Exercise aim: Copy each line below in which the string "Gegenstand" appears.

Available data:
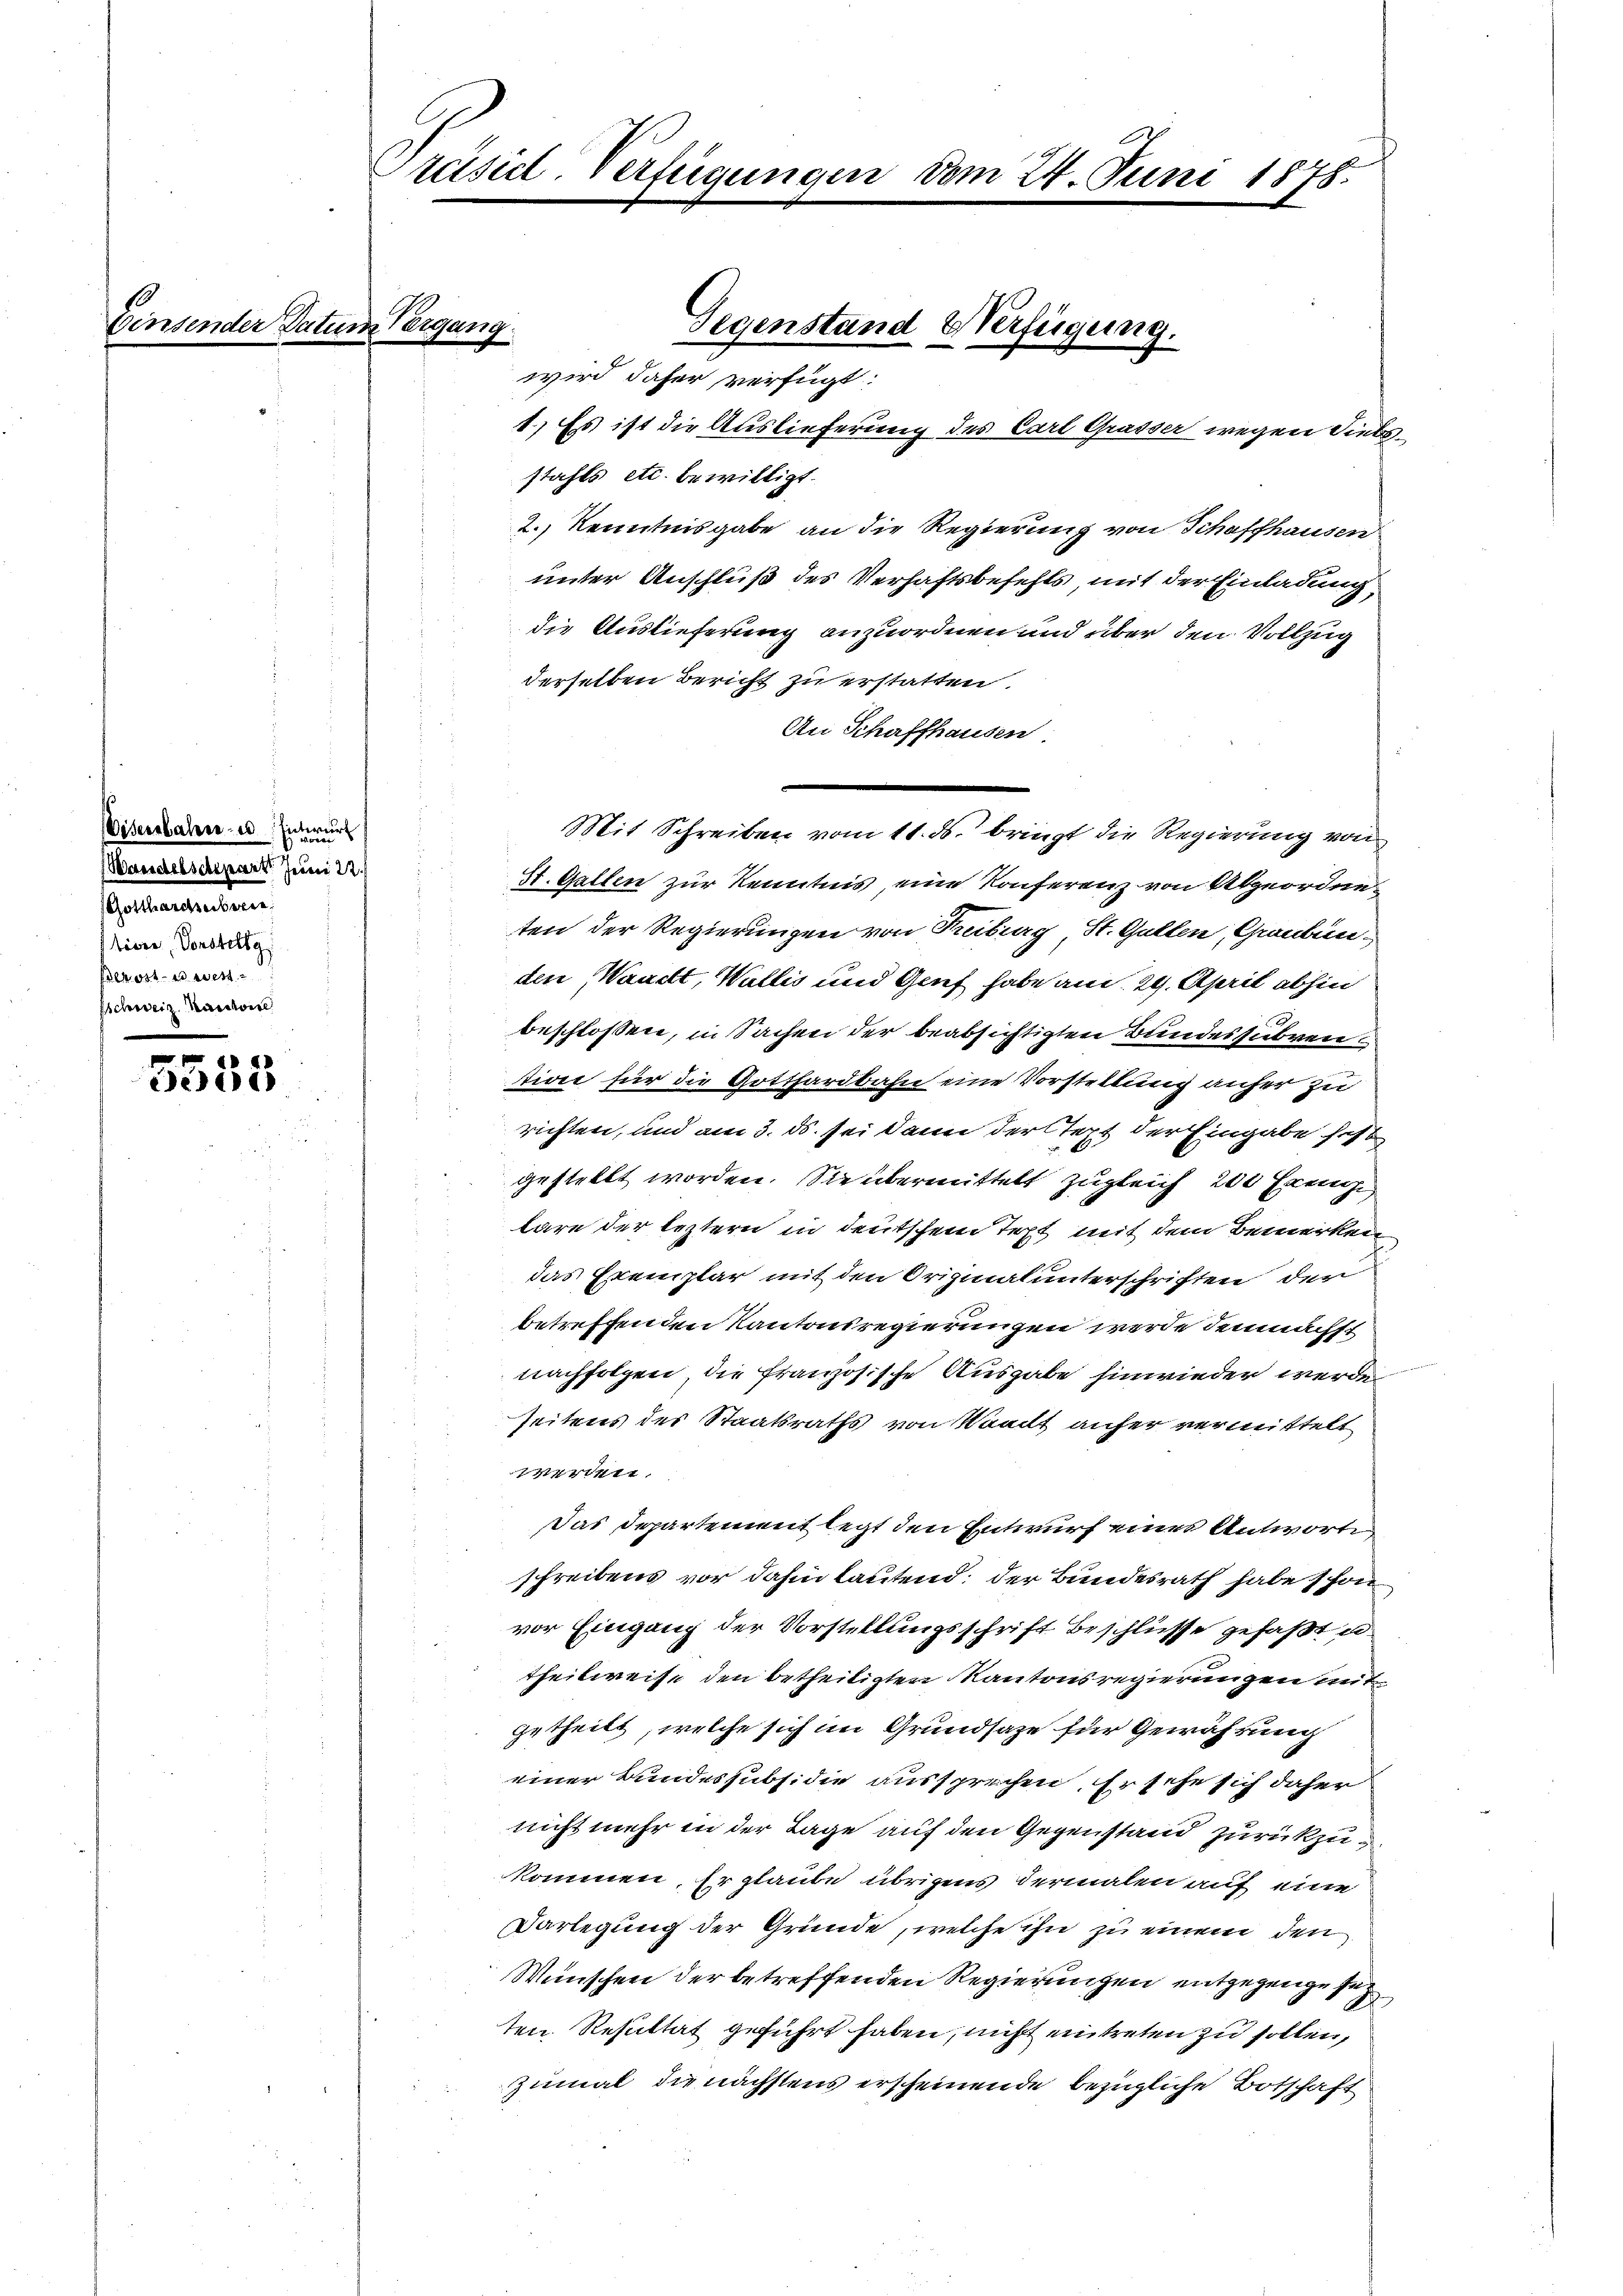
Con

Eisenbahn- u. Entwurf
Wandelscheparte Juni 18
Sultatenten
tiere Vorstellg
alkost es west
sschweiz. Kanton

.
dedi

Präsidl-Verfügungen vom 24. Juni 1878.

29
1.) Es ist die Auslieferung des Carl Grasser wegen Siebe
stahls etc. bewilligt.
2.) Kenntnisgabe an die Regierung von Schaffhausen
unter Anschluß des Verhaftsbefehls mit der Einladung,
die Auslieferung anzuordnen und über den Vollzug
derselben Bericht zu erstatten.
An Schaffhausen
St. Gallen zur Kenntnis, eine Konferenz von Abgeordne
ten der Regierungen von Treiburg, St. Gallen, Graubünden Waadt, Wallis und Genf habe an d. 29. April abhin
beschlossen, in Sachen der beabsichtigten Bundessubven
tion für die Gotthardbahn eine Vorstellung anfer zu
richten, und am 3. ds. sei dann der Text der Eingabe fest
gestellt worden. Sie übermittelt zugleich 200 Franz
lare der leztern in deutschem Text mit dem Bemerken
das Exemplar mit den Originalunterschriften der
betreffenden Kantonsregierungen werde demnächst
nachfolgen, die französische Ausgabe hinwieder werde
seitens des Staatsraths von Waadt anher vermittelt
werden.
Das Departement legt den Entwurf eines Antworte
schreibens vor dahin lautend: der Bundesrath habe schon
vor Eingang der Vorstellungsschrift Beschlüsse gefaßt u.
theilweise den betheiligten Kantonsregierungen mit
getheilt, welche sich im Grundsaze für Gewährung
einer Bundes subsidie aussprechen, Er sehe sich daher
nicht mehr in der Tage auf den Gegenstand zurückzukommen. Er glaube übrigens dermalen auf eine
Darlegung der Gründe, welche ihn zu einem den
Wünschen der betreffenden Regierungen entgegengese
ten Resultat geführt haben, nicht eintreten zu sollen,
zumal die nächstens erscheinende bezügliche Botschaft

wird daher verfügt:

Gegenstand & Verfügung.

Mit Schreiben vom 11. ds. bringt die Regierung von
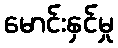
မောင်းနှင်မှု
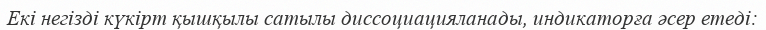
Екі негізді күкірт қышқылы сатылы диссоциацияланады, индикаторға әсер етеді:
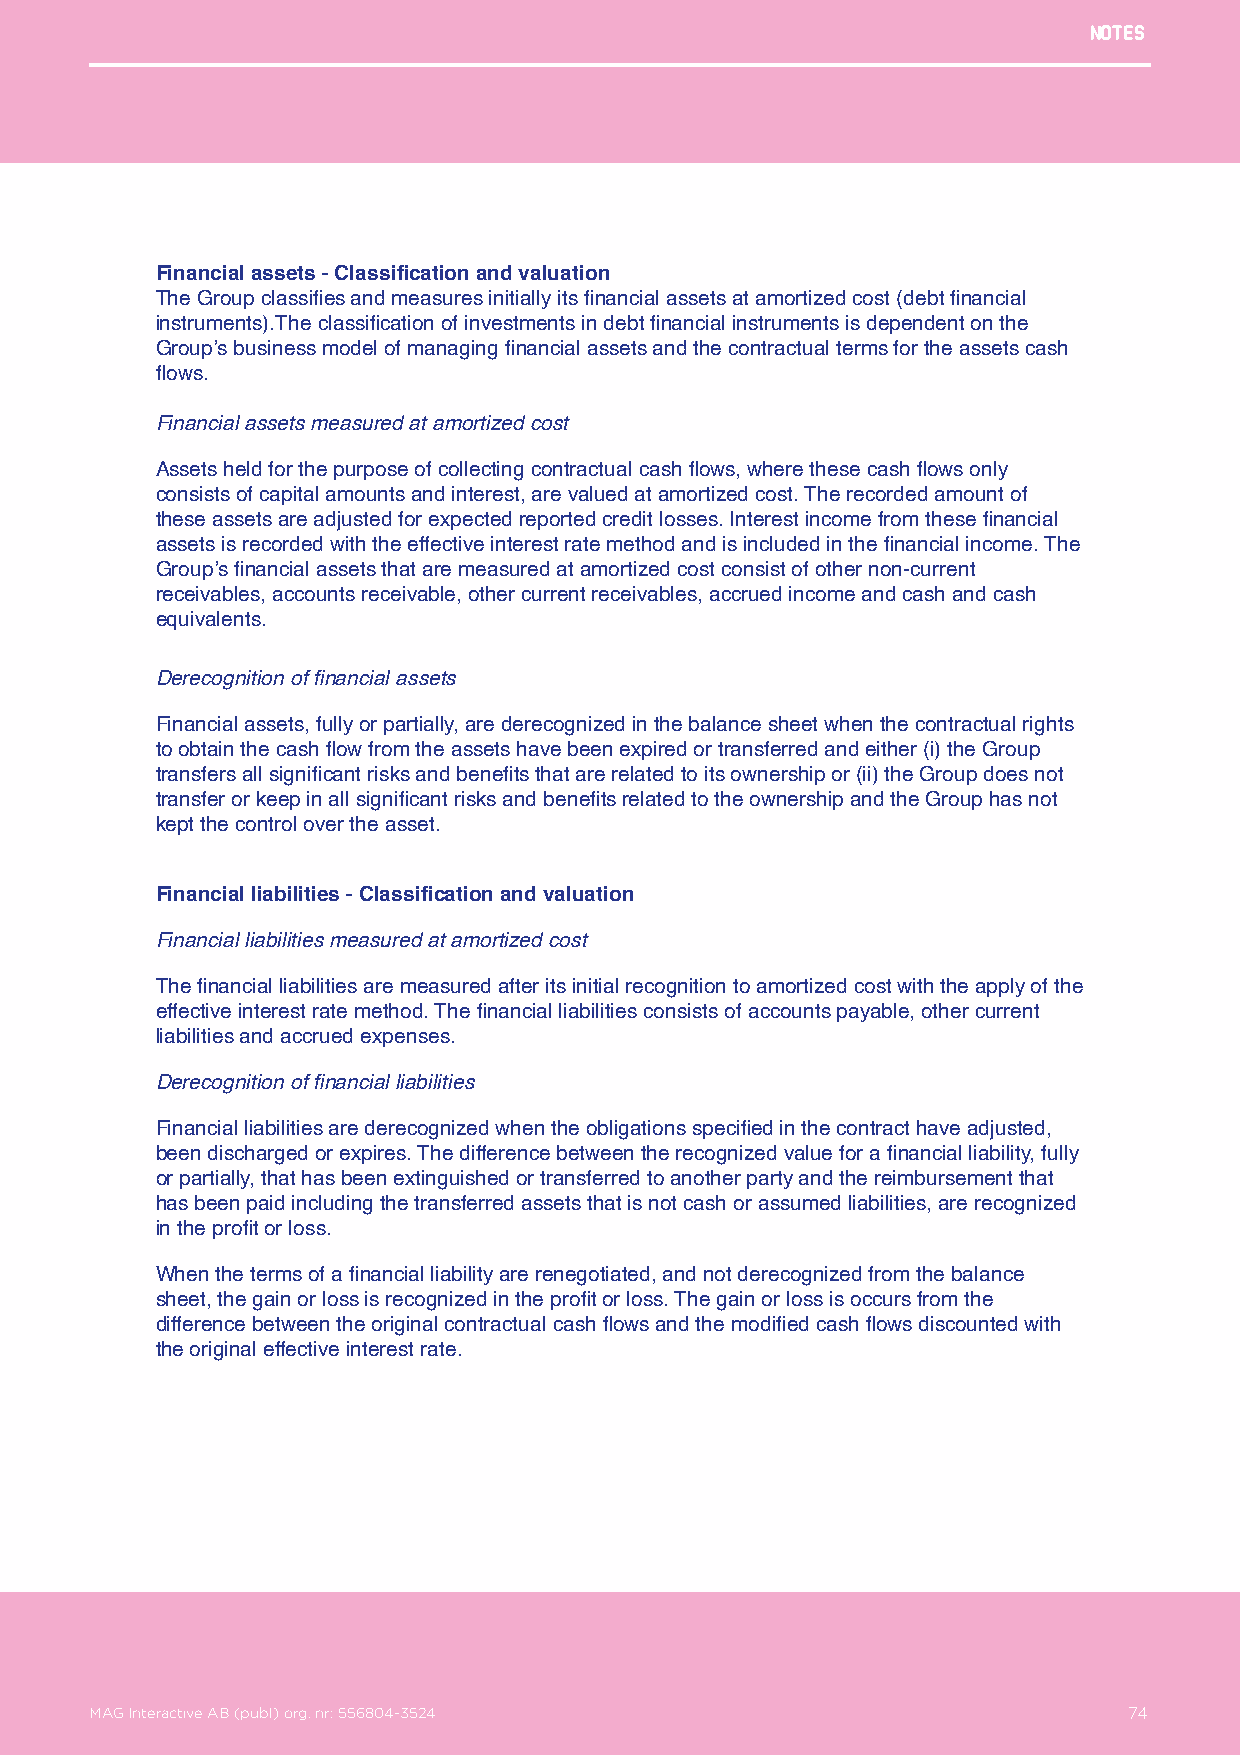
Notes
 Financial assets - Classification and valuation
 The Group classifies and measures initially its financial assets at amortized cost (debt financial
 instruments).The classification of investments in debt financial instruments is dependent on the
 Group’s business model of managing financial assets and the contractual terms for the assets cash
 flows.
 Financial assets measured at amortized cost
 Assets held for the purpose of collecting contractual cash flows, where these cash flows only
 consists of capital amounts and interest, are valued at amortized cost. The recorded amount of
 these assets are adjusted for expected reported credit losses. Interest income from these financial
 assets is recorded with the effective interest rate method and is included in the financial income. The
 Group’s financial assets that are measured at amortized cost consist of other non-current
 receivables, accounts receivable, other current receivables, accrued income and cash and cash
 equivalents.
 Derecognition of financial assets
 Financial assets, fully or partially, are derecognized in the balance sheet when the contractual rights
 to obtain the cash flow from the assets have been expired or transferred and either (i) the Group
 transfers all significant risks and benefits that are related to its ownership or (ii) the Group does not
 transfer or keep in all significant risks and benefits related to the ownership and the Group has not
 kept the control over the asset.
 Financial liabilities - Classification and valuation
 Financial liabilities measured at amortized cost
 The financial liabilities are measured after its initial recognition to amortized cost with the apply of the
 effective interest rate method. The financial liabilities consists of accounts payable, other current
 liabilities and accrued expenses.
 Derecognition of financial liabilities
 Financial liabilities are derecognized when the obligations specified in the contract have adjusted,
 been discharged or expires. The difference between the recognized value for a financial liability, fully
 or partially, that has been extinguished or transferred to another party and the reimbursement that
 has been paid including the transferred assets that is not cash or assumed liabilities, are recognized
 in the profit or loss.
 When the terms of a financial liability are renegotiated, and not derecognized from the balance
 sheet, the gain or loss is recognized in the profit or loss. The gain or loss is occurs from the
 difference between the original contractual cash flows and the modified cash flows discounted with
 the original effective interest rate.
 MAG Interactive AB (publ) org. nr: 556804-3524                   74
 MAG Interactive AB (publ) org. nr: 556804-3524                       74
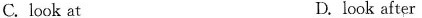
C. look at D. look after
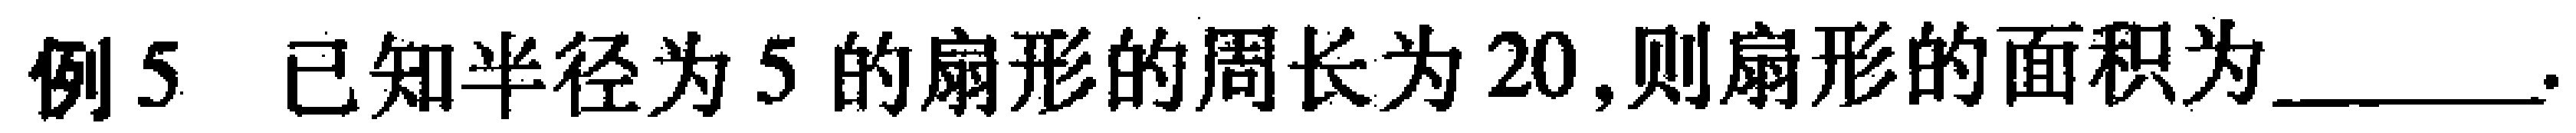
例5 已知半径为5的扇形的周长为20,则扇形的面积为______.
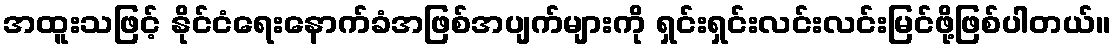
အထူးသဖြင့် နိုင်ငံရေးနောက်ခံအဖြစ်အပျက်များကို ရှင်းရှင်းလင်းလင်းမြင်ဖို့ဖြစ်ပါတယ်။
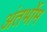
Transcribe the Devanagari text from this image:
अंतर्भोम
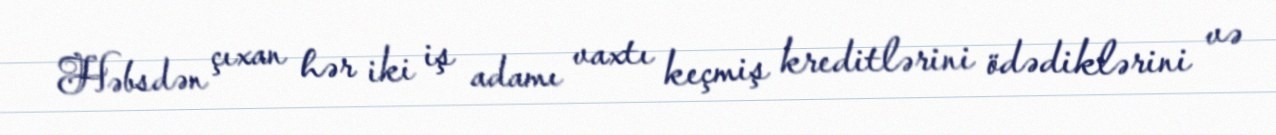
Həbsdən çıxan hər iki iş adamı vaxtı keçmiş kreditlərini ödədiklərini və
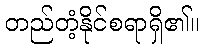
တည်တံ့နိုင်စရာရှိ၏။

Result for this exercise:
nicht mehr in der Tage auf den Gegenstand zurückzukommen. Er glaube übrigens dermalen auf eine
Gegenstand & Verfügung.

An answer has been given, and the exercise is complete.